(Beginning of Provided entries)

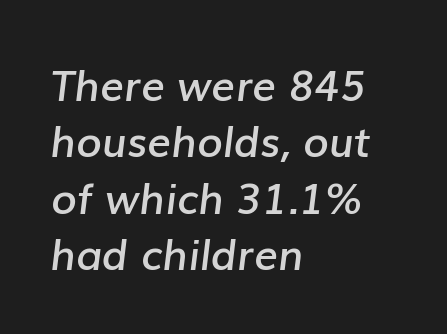
The rendering uses a moderate line-height, typical for paragraphs. Quick note: italic. The letterforms sit shoulder to shoulder at normal distance. What weight is shown? A semibold, between regular and bold. Bare-footed words on every line. Teacher's note: observe the even left margin — that is flush-left alignment.
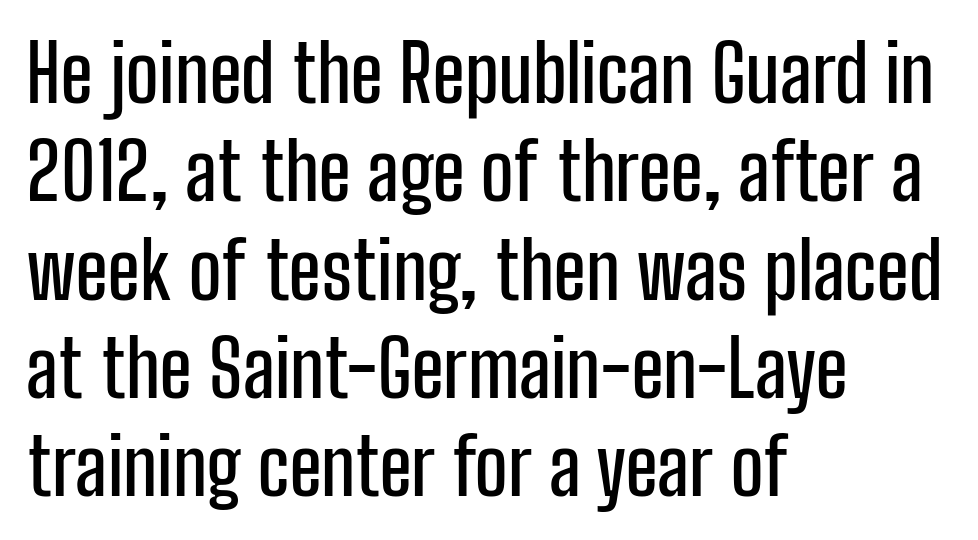
{"serif": "no", "italic": "no", "width": "condensed", "stroke_contrast": "low", "x_height": "medium", "monospaced": "no", "underline": "no", "align": "left", "line_spacing": "normal", "line_spacing_ratio": 1.26, "letter_spacing": "normal", "letter_spacing_em": 0.0, "glyph_px": 78}
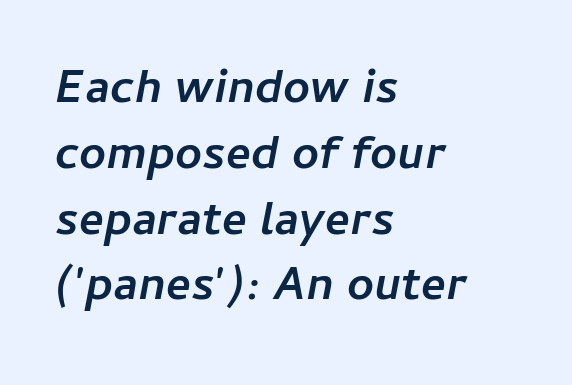
Baseline-to-baseline distance is the conventional proportion of letter height. No word sits above an underline. This is oblique type, the kind used for emphasis or titles. The strokes are fattened all the way to bold.
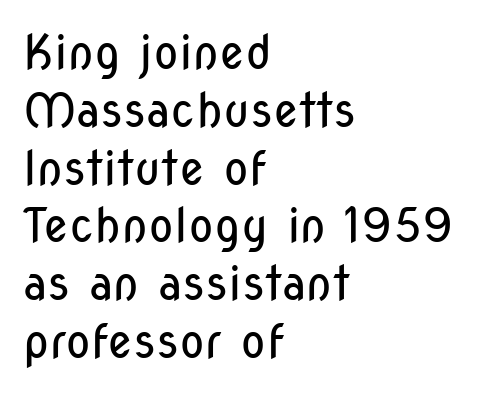
{"serif": "no", "italic": "no", "bold": "no", "weight": "regular", "width": "condensed", "stroke_contrast": "low", "x_height": "medium", "monospaced": "no", "underline": "no", "align": "left", "line_spacing_ratio": 1.23, "letter_spacing": "normal", "letter_spacing_em": 0.0, "glyph_px": 47}
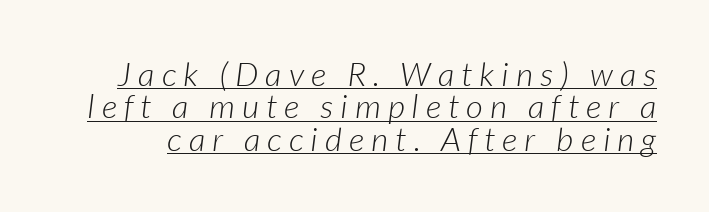
These lines were composed using italics. A quiet, ordinary-to-light weight characterises the typeface. Is this a fixed-width face? No — the glyphs have proportional, varying widths. Quick note: underline on.
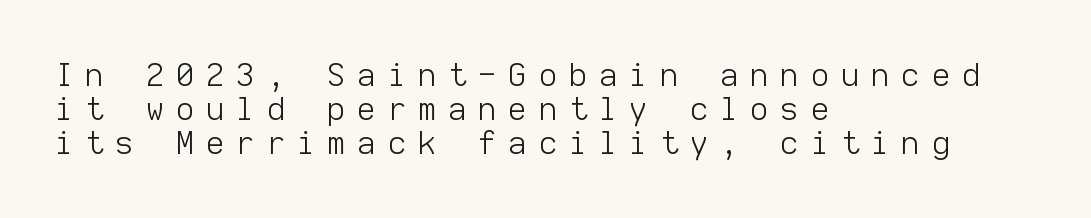
You can tell it's not italic because the verticals are truly vertical. A bare baseline throughout the passage. The strokes carry an ordinary text weight at most. This sample has the even, mechanical cadence of fixed-width lettering. Reading down the column, the eye jumps only a short way to each next line. Layout note: lines flush left.
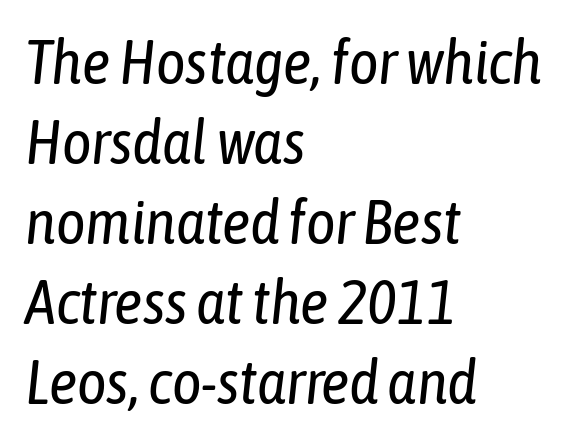
The face used here is proportionally spaced, like ordinary book or web type. Does extra space separate the letters? No, they use regular spacing. Stroke thickness stays within the range of a standard reading face or lighter. The rows are spaced the way most documents space them. Unmarked baselines from the first word to the last. Slanted lettering throughout.
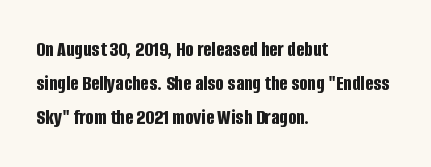
The image shows 22 px bold type, upright; set left-aligned, normal line spacing (1.54x), normal letter spacing, not underlined.
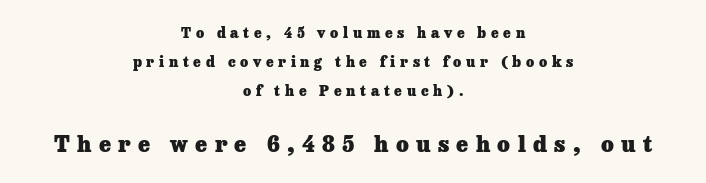
Display-style spreading of the glyphs; the letterfit is very open. Nope, not italic — everything's standing straight. This rendering features lettering with no underline. Which of the two is more prominent by size? The second, at the bottom. Airy leading. Heavy, bold letterforms.
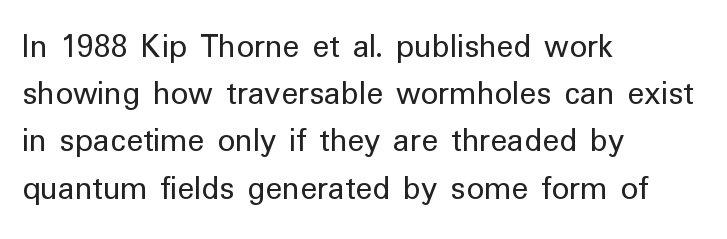
Q: Is the text bold? A: No.
Q: Is the text italic (slanted)? A: No, it is upright.
Q: Is the typeface a serif or a sans-serif typeface? A: Sans-serif.
Q: Is the text underlined? A: No.
Q: How is the paragraph aligned? A: Left-aligned.
Q: Is the spacing between letters normal or unusually wide? A: Normal.
Q: Is the spacing between lines tight, normal or loose? A: Normal.
Q: Width (condensed, normal, or wide)? A: Normal.
Q: Stroke contrast? A: Low.
Q: x-height? A: Medium.
Q: Monospaced? A: No.
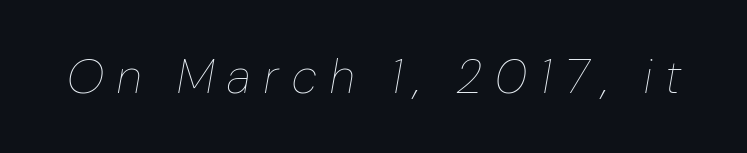
The image shows 48 px thin, condensed type, italic (leaning right); set unusually wide letter spacing (+0.28 em), not underlined; low stroke contrast and a medium x-height.
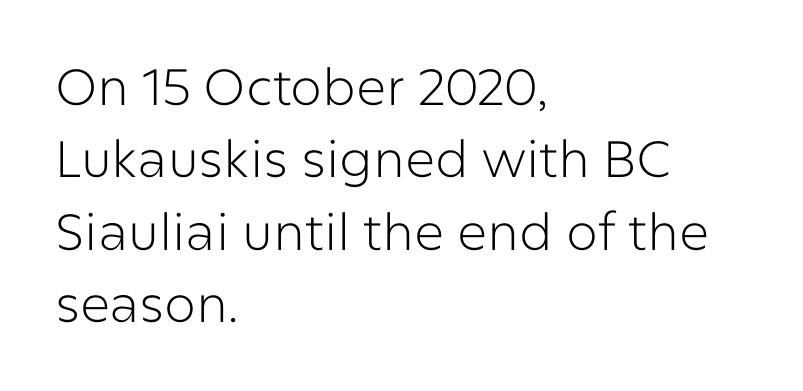
Does the leading feel generous? No, just average. The characters display no serif detailing; their extremities are plain. Do the letters lean? They stand straight. Type without underlining. Inter-character spacing is left at the font's built-in metrics.
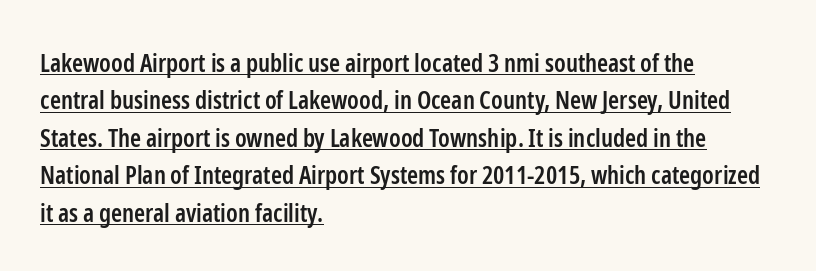
Q: Is the text bold? A: Semi-bold.
Q: Is the text italic (slanted)? A: No, it is upright.
Q: Is the text underlined? A: Yes.
Q: How is the paragraph aligned? A: Left-aligned.
Q: Is the spacing between letters normal or unusually wide? A: Normal.
Q: Is the spacing between lines tight, normal or loose? A: Normal.
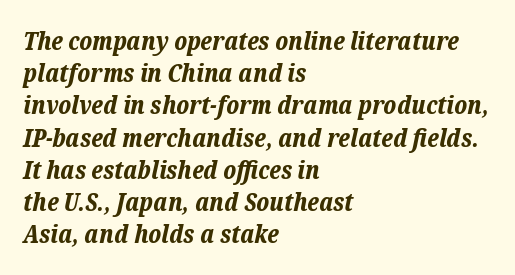
Q: Is the text bold? A: Yes.
Q: Is the text italic (slanted)? A: Yes, it leans right by about 12 degrees.
Q: Is the text underlined? A: No.
Q: How is the paragraph aligned? A: Left-aligned.
Q: Is the spacing between letters normal or unusually wide? A: Normal.
Q: Is the spacing between lines tight, normal or loose? A: Normal.
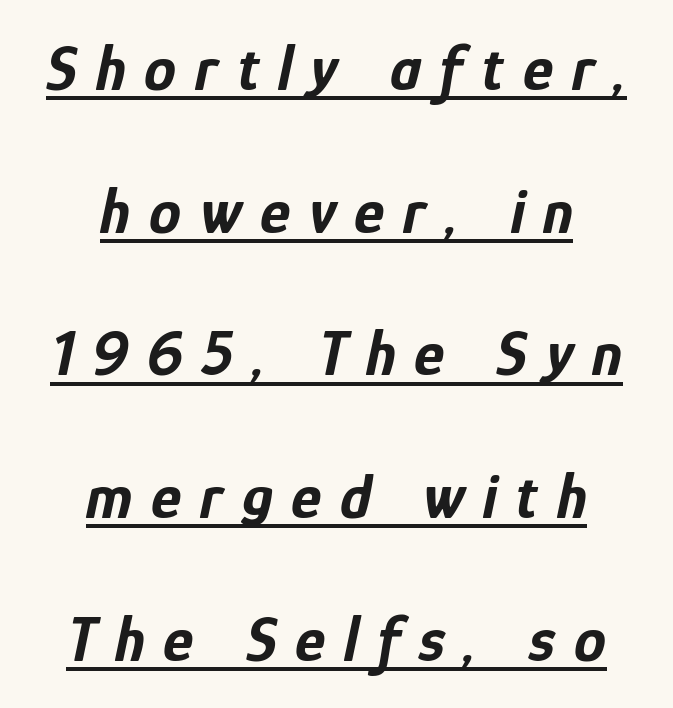
The image shows 64 px bold, condensed type, italic (leaning right); set centered, loose line spacing (2.23x), unusually wide letter spacing (+0.29 em), underlined; low stroke contrast and a medium x-height.
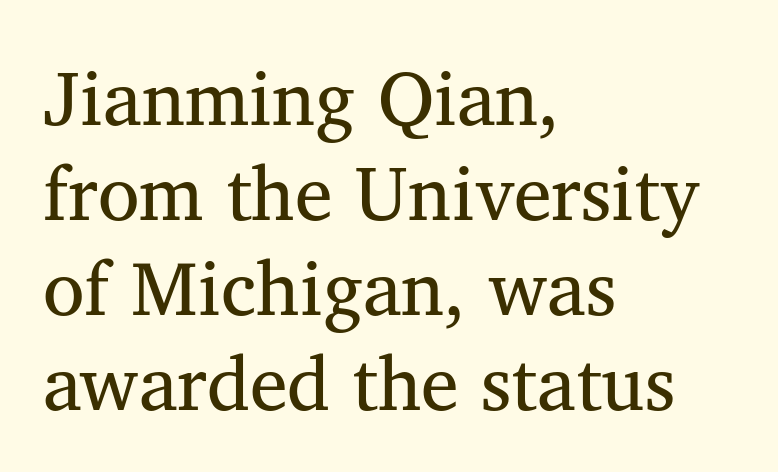
{"serif": "yes", "italic": "no", "bold": "no", "weight": "regular", "width": "normal", "stroke_contrast": "medium", "x_height": "medium", "monospaced": "no", "underline": "no", "align": "left", "line_spacing": "normal", "line_spacing_ratio": 1.25, "letter_spacing": "normal", "letter_spacing_em": 0.0, "glyph_px": 76}
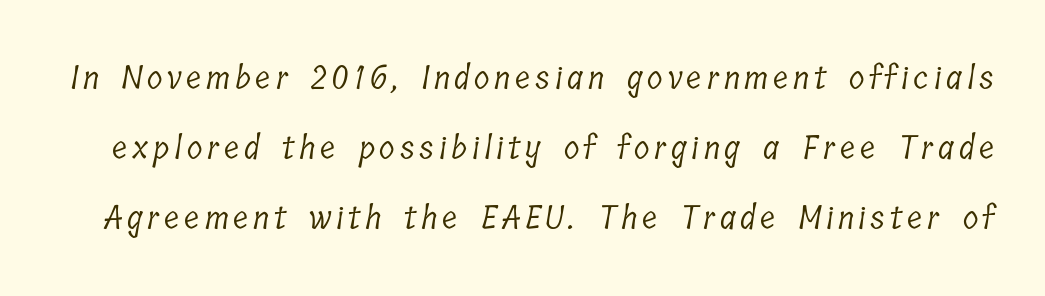
Q: Is the text bold? A: No.
Q: Is the typeface a serif or a sans-serif typeface? A: Serif.
Q: Is the text underlined? A: No.
Q: Is the spacing between lines tight, normal or loose? A: Loose.
Q: Width (condensed, normal, or wide)? A: Condensed.
Q: Stroke contrast? A: Low.
Q: x-height? A: Medium.
Q: Monospaced? A: No.

(End of Provided entries)

**Work to be completed:** Write the data out again word for word; leave the pictures behind.

**Written answer:**
The rendering uses a moderate line-height, typical for paragraphs. Quick note: italic. The letterforms sit shoulder to shoulder at normal distance. What weight is shown? A semibold, between regular and bold. Bare-footed words on every line. Teacher's note: observe the even left margin — that is flush-left alignment.
{"serif": "no", "italic": "no", "width": "condensed", "stroke_contrast": "low", "x_height": "medium", "monospaced": "no", "underline": "no", "align": "left", "line_spacing": "normal", "line_spacing_ratio": 1.26, "letter_spacing": "normal", "letter_spacing_em": 0.0, "glyph_px": 78}
Baseline-to-baseline distance is the conventional proportion of letter height. No word sits above an underline. This is oblique type, the kind used for emphasis or titles. The strokes are fattened all the way to bold.
{"serif": "no", "italic": "no", "bold": "no", "weight": "regular", "width": "condensed", "stroke_contrast": "low", "x_height": "medium", "monospaced": "no", "underline": "no", "align": "left", "line_spacing_ratio": 1.23, "letter_spacing": "normal", "letter_spacing_em": 0.0, "glyph_px": 47}
These lines were composed using italics. A quiet, ordinary-to-light weight characterises the typeface. Is this a fixed-width face? No — the glyphs have proportional, varying widths. Quick note: underline on.
You can tell it's not italic because the verticals are truly vertical. A bare baseline throughout the passage. The strokes carry an ordinary text weight at most. This sample has the even, mechanical cadence of fixed-width lettering. Reading down the column, the eye jumps only a short way to each next line. Layout note: lines flush left.
The face used here is proportionally spaced, like ordinary book or web type. Does extra space separate the letters? No, they use regular spacing. Stroke thickness stays within the range of a standard reading face or lighter. The rows are spaced the way most documents space them. Unmarked baselines from the first word to the last. Slanted lettering throughout.
The image shows 22 px bold type, upright; set left-aligned, normal line spacing (1.54x), normal letter spacing, not underlined.
Display-style spreading of the glyphs; the letterfit is very open. Nope, not italic — everything's standing straight. This rendering features lettering with no underline. Which of the two is more prominent by size? The second, at the bottom. Airy leading. Heavy, bold letterforms.
Q: Is the text bold? A: No.
Q: Is the text italic (slanted)? A: No, it is upright.
Q: Is the typeface a serif or a sans-serif typeface? A: Sans-serif.
Q: Is the text underlined? A: No.
Q: How is the paragraph aligned? A: Left-aligned.
Q: Is the spacing between letters normal or unusually wide? A: Normal.
Q: Is the spacing between lines tight, normal or loose? A: Normal.
Q: Width (condensed, normal, or wide)? A: Normal.
Q: Stroke contrast? A: Low.
Q: x-height? A: Medium.
Q: Monospaced? A: No.
The image shows 48 px thin, condensed type, italic (leaning right); set unusually wide letter spacing (+0.28 em), not underlined; low stroke contrast and a medium x-height.
Does the leading feel generous? No, just average. The characters display no serif detailing; their extremities are plain. Do the letters lean? They stand straight. Type without underlining. Inter-character spacing is left at the font's built-in metrics.
Q: Is the text bold? A: Semi-bold.
Q: Is the text italic (slanted)? A: No, it is upright.
Q: Is the text underlined? A: Yes.
Q: How is the paragraph aligned? A: Left-aligned.
Q: Is the spacing between letters normal or unusually wide? A: Normal.
Q: Is the spacing between lines tight, normal or loose? A: Normal.
Q: Is the text bold? A: Yes.
Q: Is the text italic (slanted)? A: Yes, it leans right by about 12 degrees.
Q: Is the text underlined? A: No.
Q: How is the paragraph aligned? A: Left-aligned.
Q: Is the spacing between letters normal or unusually wide? A: Normal.
Q: Is the spacing between lines tight, normal or loose? A: Normal.
The image shows 64 px bold, condensed type, italic (leaning right); set centered, loose line spacing (2.23x), unusually wide letter spacing (+0.29 em), underlined; low stroke contrast and a medium x-height.
{"serif": "yes", "italic": "no", "bold": "no", "weight": "regular", "width": "normal", "stroke_contrast": "medium", "x_height": "medium", "monospaced": "no", "underline": "no", "align": "left", "line_spacing": "normal", "line_spacing_ratio": 1.25, "letter_spacing": "normal", "letter_spacing_em": 0.0, "glyph_px": 76}
Q: Is the text bold? A: No.
Q: Is the typeface a serif or a sans-serif typeface? A: Serif.
Q: Is the text underlined? A: No.
Q: Is the spacing between lines tight, normal or loose? A: Loose.
Q: Width (condensed, normal, or wide)? A: Condensed.
Q: Stroke contrast? A: Low.
Q: x-height? A: Medium.
Q: Monospaced? A: No.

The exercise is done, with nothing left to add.